▸ **REQUIRED WORK**
Quote all of the data that follows exactly as written, skipping the images.

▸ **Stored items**

↓↓↓

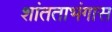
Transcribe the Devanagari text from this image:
शांतताभंगास
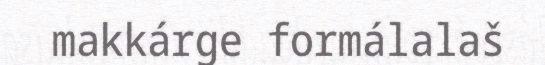
makkárge formálalaš
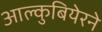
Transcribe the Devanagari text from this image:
आल्कुबियेरने
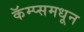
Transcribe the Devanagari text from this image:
कॅम्प्समधून
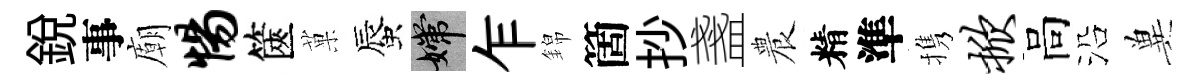
銳事廟惕篋菓蜃嫦乍錦箇抄盞農精準携掀高沿兾
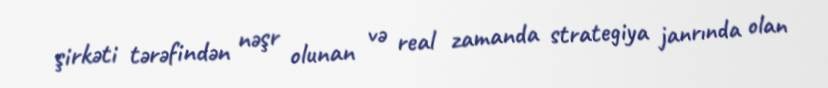
şirkəti tərəfindən nəşr olunan və real zamanda strategiya janrında olan
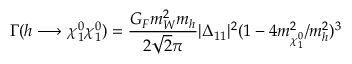
\Gamma ( h \longrightarrow \chi _ { 1 } ^ { 0 } \chi _ { 1 } ^ { 0 } ) = { \frac { G _ { F } m _ { W } ^ { 2 } m _ { h } } { 2 \sqrt { 2 } \pi } } | \Delta _ { 1 1 } | ^ { 2 } ( 1 - 4 m _ { \chi _ { 1 } ^ { 0 } } ^ { 2 } / m _ { h } ^ { 2 } ) ^ { 3 }
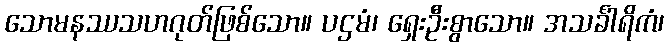
သောမနဿသဟဂုတ်ဖြစ်သော။ ပဌမံ၊ ရှေးဦးစွာသော။ အသင်္ခါရိကံ၊
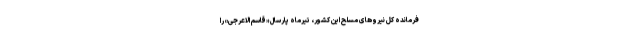
فرمانده کل نیروهای مسلح این کشور، تیرماه پارسال «قاسم الاعرجی» را
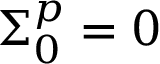
\Sigma _ { 0 } ^ { \boldsymbol { p } } = 0
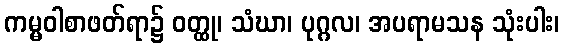
ကမ္မဝါစာဖတ်ရာ၌ ဝတ္ထု၊ သံဃာ၊ ပုဂ္ဂလ၊ အပရာမသန သုံးပါး၊
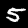
Digit: 5
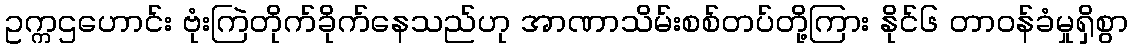
ဥက္ကဌဟောင်း ဗုံးကြဲတိုက်ခိုက်နေသည်ဟု အာဏာသိမ်းစစ်တပ်တို့ကြား နိုင်၆ တာဝန်ခံမှုရှိစွာ
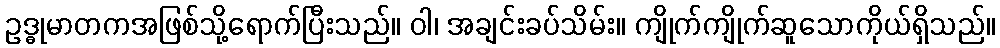
ဥဒ္ဓုမာတကအဖြစ်သို့ရောက်ပြီးသည်။ ဝါ၊ အချင်းခပ်သိမ်း။ ကျိုက်ကျိုက်ဆူသောကိုယ်ရှိသည်။
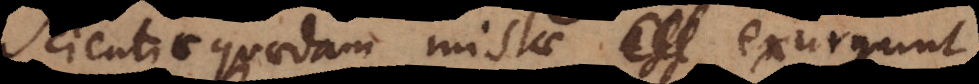
Scientiae quaedam mistae eff exurgunt,
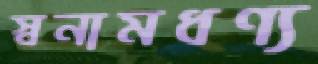
স্বনামধণ্য
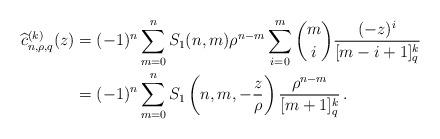
LaTeX: \begin{align*} \widehat c_{n,\rho,q}^{(k)}(z)&=(-1)^n\sum_{m=0}^n S_1(n,m)\rho^{n-m}\sum_{i=0}^m\binom{m}{i}\frac{(-z)^i}{[m-i+1]_q^k}\\&=(-1)^n\sum_{m=0}^n S_1\left(n,m,-\frac{z}{\rho}\right)\frac{\rho^{n-m}}{[m+1]_q^k}\,. \end{align*}
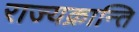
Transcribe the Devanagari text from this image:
राज्यक्रान्ति
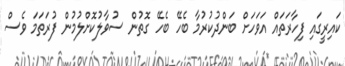
ކައިރީގައި ފިހާރަތައް އަވަހަށް ބަންދުކުރުމާ ބެހޭ ބެހޭ ގޮތުން ސުވާލުކޮށްލުމުން ފުރަތަމަ ވެސް
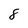
Character: 8
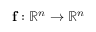
\mathbf { f } : \mathbb { R } ^ { n } \rightarrow \mathbb { R } ^ { n }
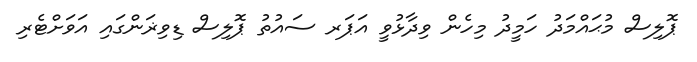
ޕޮލިސް މުޙައްމަދު ހަމީދު މިހެން ވިދާޅުވީ އަޕަރ ސައުތު ޕޮލިސް ޑިވިޜަންގައި އަވަށްޓެރި
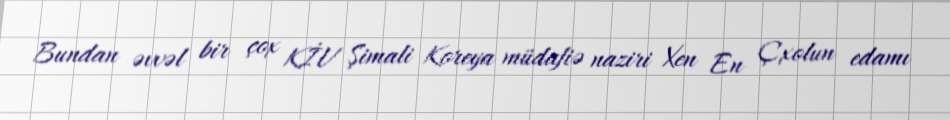
Bundan əvvəl bir çox KİV Şimali Koreya müdafiə naziri Xen En Çxolun edamı
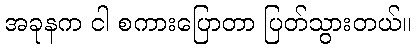
အခုနက ငါ စကားပြောတာ ပြတ်သွားတယ်။
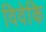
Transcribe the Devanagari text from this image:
विवेकि
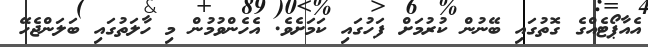
އެއާޕޯޓެއްގެ ގޮތުގައި ބޭނުން ކުރުމަށް ފަހުގައި ކަމަށެވެ. އެހެންވުމުން މި ހާލަތުގައި ބަލަންޖެހޭ
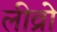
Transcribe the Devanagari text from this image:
लीव्रो
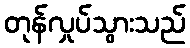
တုန်လှုပ်သွားသည်
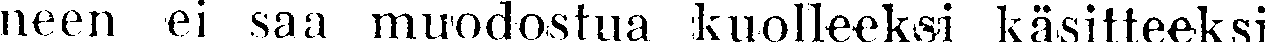
neen ei saa muodostua kuolleeksi käsitteeksi
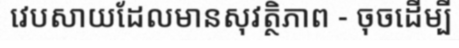
វេបសាយដែលមានសុវត្ថិភាព - ចុចដើម្បី
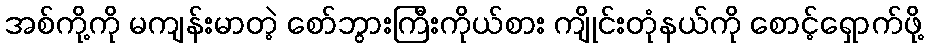
အစ်ကို့ကို မကျန်းမာတဲ့ စော်ဘွားကြီးကိုယ်စား ကျိုင်းတုံနယ်ကို စောင့်ရှောက်ဖို့
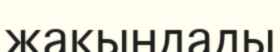
жакындады
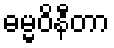
ဓမ္မဝိနီတာ
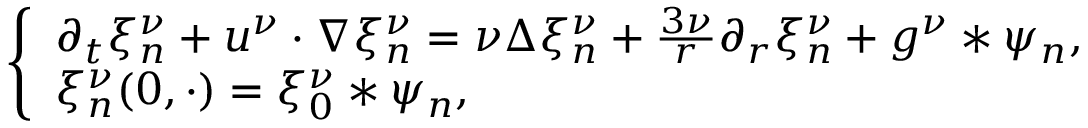
\begin{array} { r } { \left\{ \begin{array} { l l } { \partial _ { t } \xi _ { n } ^ { \nu } + u ^ { \nu } \cdot \nabla \xi _ { n } ^ { \nu } = \nu \Delta \xi _ { n } ^ { \nu } + \frac { 3 \nu } { r } \partial _ { r } \xi _ { n } ^ { \nu } + g ^ { \nu } \ast \psi _ { n } , } \\ { \xi _ { n } ^ { \nu } ( 0 , \cdot ) = \xi _ { 0 } ^ { \nu } * \psi _ { n } , } \end{array} \right. } \end{array}

↑↑↑

▸ **ANSWER SPACE**
Transcribe the Devanagari text from this image:
शांतताभंगास
makkárge formálalaš
Transcribe the Devanagari text from this image:
आल्कुबियेरने
Transcribe the Devanagari text from this image:
कॅम्प्समधून
銳事廟惕篋菓蜃嫦乍錦箇抄盞農精準携掀高沿兾
şirkəti tərəfindən nəşr olunan və real zamanda strategiya janrında olan
\Gamma ( h \longrightarrow \chi _ { 1 } ^ { 0 } \chi _ { 1 } ^ { 0 } ) = { \frac { G _ { F } m _ { W } ^ { 2 } m _ { h } } { 2 \sqrt { 2 } \pi } } | \Delta _ { 1 1 } | ^ { 2 } ( 1 - 4 m _ { \chi _ { 1 } ^ { 0 } } ^ { 2 } / m _ { h } ^ { 2 } ) ^ { 3 }
သောမနဿသဟဂုတ်ဖြစ်သော။ ပဌမံ၊ ရှေးဦးစွာသော။ အသင်္ခါရိကံ၊
فرمانده کل نیروهای مسلح این کشور، تیرماه پارسال «قاسم الاعرجی» را
\Sigma _ { 0 } ^ { \boldsymbol { p } } = 0
ကမ္မဝါစာဖတ်ရာ၌ ဝတ္ထု၊ သံဃာ၊ ပုဂ္ဂလ၊ အပရာမသန သုံးပါး၊
Digit: 5
ဥက္ကဌဟောင်း ဗုံးကြဲတိုက်ခိုက်နေသည်ဟု အာဏာသိမ်းစစ်တပ်တို့ကြား နိုင်၆ တာဝန်ခံမှုရှိစွာ
ဥဒ္ဓုမာတကအဖြစ်သို့ရောက်ပြီးသည်။ ဝါ၊ အချင်းခပ်သိမ်း။ ကျိုက်ကျိုက်ဆူသောကိုယ်ရှိသည်။
Scientiae quaedam mistae eff exurgunt,
স্বনামধণ্য
LaTeX: \begin{align*} \widehat c_{n,\rho,q}^{(k)}(z)&=(-1)^n\sum_{m=0}^n S_1(n,m)\rho^{n-m}\sum_{i=0}^m\binom{m}{i}\frac{(-z)^i}{[m-i+1]_q^k}\\&=(-1)^n\sum_{m=0}^n S_1\left(n,m,-\frac{z}{\rho}\right)\frac{\rho^{n-m}}{[m+1]_q^k}\,. \end{align*}
Transcribe the Devanagari text from this image:
राज्यक्रान्ति
ކައިރީގައި ފިހާރަތައް އަވަހަށް ބަންދުކުރުމާ ބެހޭ ބެހޭ ގޮތުން ސުވާލުކޮށްލުމުން ފުރަތަމަ ވެސް
Character: 8
\mathbf { f } : \mathbb { R } ^ { n } \rightarrow \mathbb { R } ^ { n }
ޕޮލިސް މުޙައްމަދު ހަމީދު މިހެން ވިދާޅުވީ އަޕަރ ސައުތު ޕޮލިސް ޑިވިޜަންގައި އަވަށްޓެރި
Bundan əvvəl bir çox KİV Şimali Koreya müdafiə naziri Xen En Çxolun edamı
အခုနက ငါ စကားပြောတာ ပြတ်သွားတယ်။
Transcribe the Devanagari text from this image:
विवेकि
އެއާޕޯޓެއްގެ ގޮތުގައި ބޭނުން ކުރުމަށް ފަހުގައި ކަމަށެވެ. އެހެންވުމުން މި ހާލަތުގައި ބަލަންޖެހޭ
Transcribe the Devanagari text from this image:
लीव्रो
တုန်လှုပ်သွားသည်
neen ei saa muodostua kuolleeksi käsitteeksi
វេបសាយដែលមានសុវត្ថិភាព - ចុចដើម្បី
အစ်ကို့ကို မကျန်းမာတဲ့ စော်ဘွားကြီးကိုယ်စား ကျိုင်းတုံနယ်ကို စောင့်ရှောက်ဖို့
жакындады
ဓမ္မဝိနီတာ
\begin{array} { r } { \left\{ \begin{array} { l l } { \partial _ { t } \xi _ { n } ^ { \nu } + u ^ { \nu } \cdot \nabla \xi _ { n } ^ { \nu } = \nu \Delta \xi _ { n } ^ { \nu } + \frac { 3 \nu } { r } \partial _ { r } \xi _ { n } ^ { \nu } + g ^ { \nu } \ast \psi _ { n } , } \\ { \xi _ { n } ^ { \nu } ( 0 , \cdot ) = \xi _ { 0 } ^ { \nu } * \psi _ { n } , } \end{array} \right. } \end{array}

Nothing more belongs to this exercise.